* Given material *
Content starts
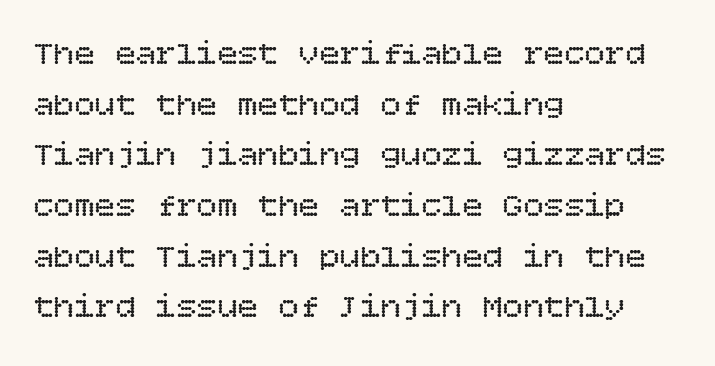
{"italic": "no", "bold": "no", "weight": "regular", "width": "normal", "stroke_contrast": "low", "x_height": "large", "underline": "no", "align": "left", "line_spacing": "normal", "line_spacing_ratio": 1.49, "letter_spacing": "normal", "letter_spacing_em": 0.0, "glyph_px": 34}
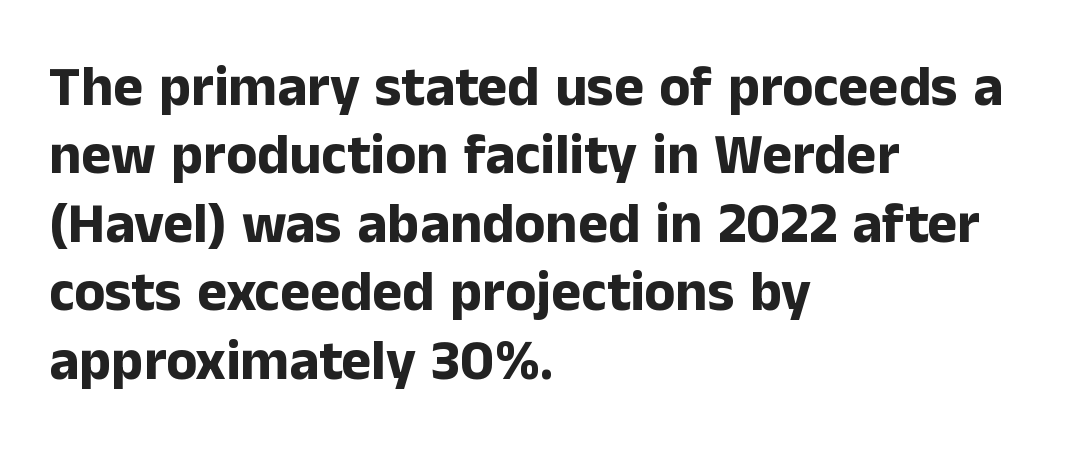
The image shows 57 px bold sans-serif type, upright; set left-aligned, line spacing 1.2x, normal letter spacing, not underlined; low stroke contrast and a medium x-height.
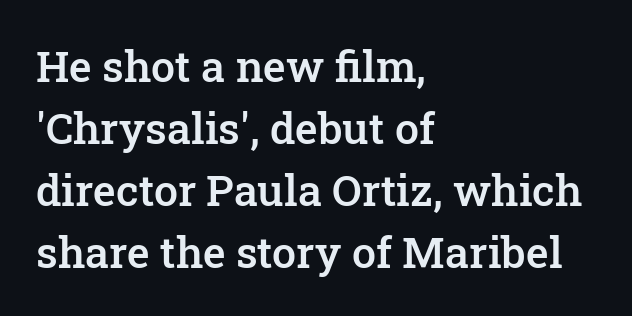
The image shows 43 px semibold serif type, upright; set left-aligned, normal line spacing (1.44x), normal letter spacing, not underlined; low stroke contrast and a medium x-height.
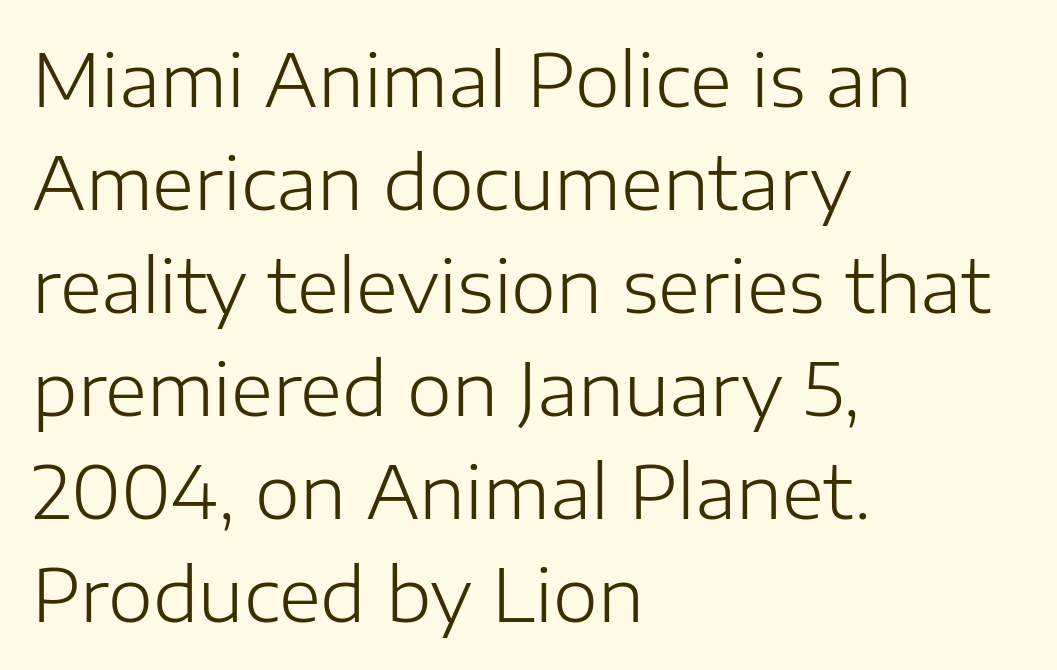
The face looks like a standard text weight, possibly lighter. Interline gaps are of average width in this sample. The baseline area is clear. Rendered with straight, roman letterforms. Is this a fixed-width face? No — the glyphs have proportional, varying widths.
Content ends
* Exercise instructions *
Gather up every line from the listing above in which the word "left" occurs.

* Answer box *
{"italic": "no", "bold": "no", "weight": "regular", "width": "normal", "stroke_contrast": "low", "x_height": "large", "underline": "no", "align": "left", "line_spacing": "normal", "line_spacing_ratio": 1.49, "letter_spacing": "normal", "letter_spacing_em": 0.0, "glyph_px": 34}
The image shows 57 px bold sans-serif type, upright; set left-aligned, line spacing 1.2x, normal letter spacing, not underlined; low stroke contrast and a medium x-height.
The image shows 43 px semibold serif type, upright; set left-aligned, normal line spacing (1.44x), normal letter spacing, not underlined; low stroke contrast and a medium x-height.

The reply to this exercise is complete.